Smith’s new attorney, William Wismer, offered testimony this week from Dr. George Woody, an expert in psychiatry and substance abuse, who found Smith’s fear that no one would believe him could have stemmed from childhood factors like abuse and neglect, exacerbated by cocaine use.
“I think that he developed a cocaine-induced paranoia and that cocaine magnified the problems he had with anger and anxiety and impulse control, and putting all that together it resulted in the behavior that caused (Jones’) death,” he said.
Neuropsychologist Carol Armstrong also told Wismer that Smith was severely impaired in his ability to reason and suffered post-traumatic stress disorder from his abusive childhood.

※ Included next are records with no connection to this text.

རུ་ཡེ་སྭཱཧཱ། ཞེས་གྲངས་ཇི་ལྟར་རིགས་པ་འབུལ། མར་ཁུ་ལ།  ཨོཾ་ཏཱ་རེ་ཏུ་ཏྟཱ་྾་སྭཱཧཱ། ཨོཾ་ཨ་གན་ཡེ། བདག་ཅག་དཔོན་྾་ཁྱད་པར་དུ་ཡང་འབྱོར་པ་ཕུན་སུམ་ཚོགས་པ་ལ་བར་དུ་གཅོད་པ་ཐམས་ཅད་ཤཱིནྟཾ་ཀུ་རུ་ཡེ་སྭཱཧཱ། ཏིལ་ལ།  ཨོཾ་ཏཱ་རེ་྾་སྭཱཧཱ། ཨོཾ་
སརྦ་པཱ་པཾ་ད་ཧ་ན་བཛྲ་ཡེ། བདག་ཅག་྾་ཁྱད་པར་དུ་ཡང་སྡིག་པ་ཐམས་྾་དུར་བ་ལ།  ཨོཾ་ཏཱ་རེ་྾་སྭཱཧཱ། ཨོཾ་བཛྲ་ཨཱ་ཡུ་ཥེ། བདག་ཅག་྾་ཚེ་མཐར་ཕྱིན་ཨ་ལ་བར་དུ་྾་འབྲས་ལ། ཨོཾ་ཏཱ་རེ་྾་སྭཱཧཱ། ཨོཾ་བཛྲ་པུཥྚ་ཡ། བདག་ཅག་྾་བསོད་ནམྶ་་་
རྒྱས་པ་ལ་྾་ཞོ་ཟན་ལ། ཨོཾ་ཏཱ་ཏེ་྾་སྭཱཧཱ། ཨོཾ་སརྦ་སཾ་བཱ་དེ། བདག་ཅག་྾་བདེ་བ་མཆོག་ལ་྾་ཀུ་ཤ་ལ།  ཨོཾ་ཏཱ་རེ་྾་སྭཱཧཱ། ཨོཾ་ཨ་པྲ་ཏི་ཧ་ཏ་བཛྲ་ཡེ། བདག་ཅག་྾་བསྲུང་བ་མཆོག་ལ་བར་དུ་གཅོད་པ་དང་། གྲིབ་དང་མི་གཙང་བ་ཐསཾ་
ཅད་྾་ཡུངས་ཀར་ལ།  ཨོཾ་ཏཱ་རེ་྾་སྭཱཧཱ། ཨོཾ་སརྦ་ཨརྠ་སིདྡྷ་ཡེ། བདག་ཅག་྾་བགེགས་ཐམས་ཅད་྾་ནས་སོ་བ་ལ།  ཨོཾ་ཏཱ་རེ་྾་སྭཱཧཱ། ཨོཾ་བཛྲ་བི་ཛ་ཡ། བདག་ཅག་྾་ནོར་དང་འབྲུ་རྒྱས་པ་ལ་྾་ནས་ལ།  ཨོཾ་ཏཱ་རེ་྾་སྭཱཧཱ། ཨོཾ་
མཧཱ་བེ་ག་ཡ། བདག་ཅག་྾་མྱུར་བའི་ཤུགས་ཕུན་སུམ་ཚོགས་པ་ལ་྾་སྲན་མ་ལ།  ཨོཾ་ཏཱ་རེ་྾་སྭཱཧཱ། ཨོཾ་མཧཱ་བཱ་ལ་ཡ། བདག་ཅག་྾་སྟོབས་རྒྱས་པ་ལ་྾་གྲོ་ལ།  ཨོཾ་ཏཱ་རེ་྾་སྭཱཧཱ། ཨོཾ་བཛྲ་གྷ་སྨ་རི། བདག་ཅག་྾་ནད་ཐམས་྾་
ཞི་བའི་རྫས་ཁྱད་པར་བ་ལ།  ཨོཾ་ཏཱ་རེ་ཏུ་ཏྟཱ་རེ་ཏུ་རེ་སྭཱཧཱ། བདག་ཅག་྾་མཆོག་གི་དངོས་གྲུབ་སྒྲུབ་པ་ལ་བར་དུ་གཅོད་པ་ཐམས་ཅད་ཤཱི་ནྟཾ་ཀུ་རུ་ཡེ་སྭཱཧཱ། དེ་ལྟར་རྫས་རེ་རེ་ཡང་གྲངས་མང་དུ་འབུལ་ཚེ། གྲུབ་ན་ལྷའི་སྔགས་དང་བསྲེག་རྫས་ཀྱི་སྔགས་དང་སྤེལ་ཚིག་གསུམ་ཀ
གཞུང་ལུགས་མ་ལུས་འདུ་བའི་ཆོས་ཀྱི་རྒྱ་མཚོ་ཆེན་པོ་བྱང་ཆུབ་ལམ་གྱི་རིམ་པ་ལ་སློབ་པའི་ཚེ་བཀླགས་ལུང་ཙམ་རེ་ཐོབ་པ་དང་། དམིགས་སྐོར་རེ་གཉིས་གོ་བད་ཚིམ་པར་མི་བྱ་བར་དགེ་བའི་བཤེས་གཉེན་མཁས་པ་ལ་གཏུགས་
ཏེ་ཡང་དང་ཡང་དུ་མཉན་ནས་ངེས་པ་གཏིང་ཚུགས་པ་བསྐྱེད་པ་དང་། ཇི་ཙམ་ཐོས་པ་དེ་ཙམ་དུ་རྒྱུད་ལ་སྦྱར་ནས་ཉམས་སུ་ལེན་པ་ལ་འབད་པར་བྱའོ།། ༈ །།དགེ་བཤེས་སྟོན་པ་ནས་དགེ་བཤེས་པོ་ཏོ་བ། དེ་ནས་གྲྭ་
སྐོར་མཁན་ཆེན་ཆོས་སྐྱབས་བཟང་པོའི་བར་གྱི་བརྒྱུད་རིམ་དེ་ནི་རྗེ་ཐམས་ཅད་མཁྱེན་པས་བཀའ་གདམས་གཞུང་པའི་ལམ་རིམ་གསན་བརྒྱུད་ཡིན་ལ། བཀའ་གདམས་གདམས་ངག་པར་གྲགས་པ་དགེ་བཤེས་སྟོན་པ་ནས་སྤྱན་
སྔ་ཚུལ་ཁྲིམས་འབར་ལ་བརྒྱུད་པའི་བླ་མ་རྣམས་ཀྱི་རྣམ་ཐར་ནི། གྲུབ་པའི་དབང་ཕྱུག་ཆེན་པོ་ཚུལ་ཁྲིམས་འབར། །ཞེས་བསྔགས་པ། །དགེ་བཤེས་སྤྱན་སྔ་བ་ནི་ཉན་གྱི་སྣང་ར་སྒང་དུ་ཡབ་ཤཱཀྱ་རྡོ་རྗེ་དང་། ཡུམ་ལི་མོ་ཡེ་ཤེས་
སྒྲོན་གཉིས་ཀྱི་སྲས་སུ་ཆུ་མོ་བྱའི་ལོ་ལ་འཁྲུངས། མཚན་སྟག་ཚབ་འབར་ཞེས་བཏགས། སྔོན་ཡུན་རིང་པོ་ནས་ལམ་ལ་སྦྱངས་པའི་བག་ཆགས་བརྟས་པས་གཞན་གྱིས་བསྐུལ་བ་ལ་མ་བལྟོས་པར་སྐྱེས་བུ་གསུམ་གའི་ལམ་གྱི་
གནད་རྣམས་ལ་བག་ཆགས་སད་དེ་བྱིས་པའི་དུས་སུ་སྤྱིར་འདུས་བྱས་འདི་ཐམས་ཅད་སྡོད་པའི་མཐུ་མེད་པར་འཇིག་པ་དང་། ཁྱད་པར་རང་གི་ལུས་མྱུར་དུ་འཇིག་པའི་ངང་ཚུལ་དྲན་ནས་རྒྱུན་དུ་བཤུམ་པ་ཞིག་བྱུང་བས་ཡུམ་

Armstrong said the chronic stresses Smith underwent in childhood likely resulted in brain damage and that his escape mechanism – long and intensive crack cocaine and alcohol abuse – could have induced psychosis.
But clinical and forensic psychiatrist Dr. Gerald Cooke told Assistant District Attorney Mary Mann that Armstrong had evaluated Smith inaccurately. There was no determination in her report how she came to diagnose him with PTSD, said Cooke, and none of the tests in which he was found to be impaired have a baseline “norm” for age, education, race and sex that psychiatrists use for comparison.
On seven tests with norms that Armstrong did administer, Cooke said Wayne Smith did not fall into the impaired range, and on three of those he even scored above normal.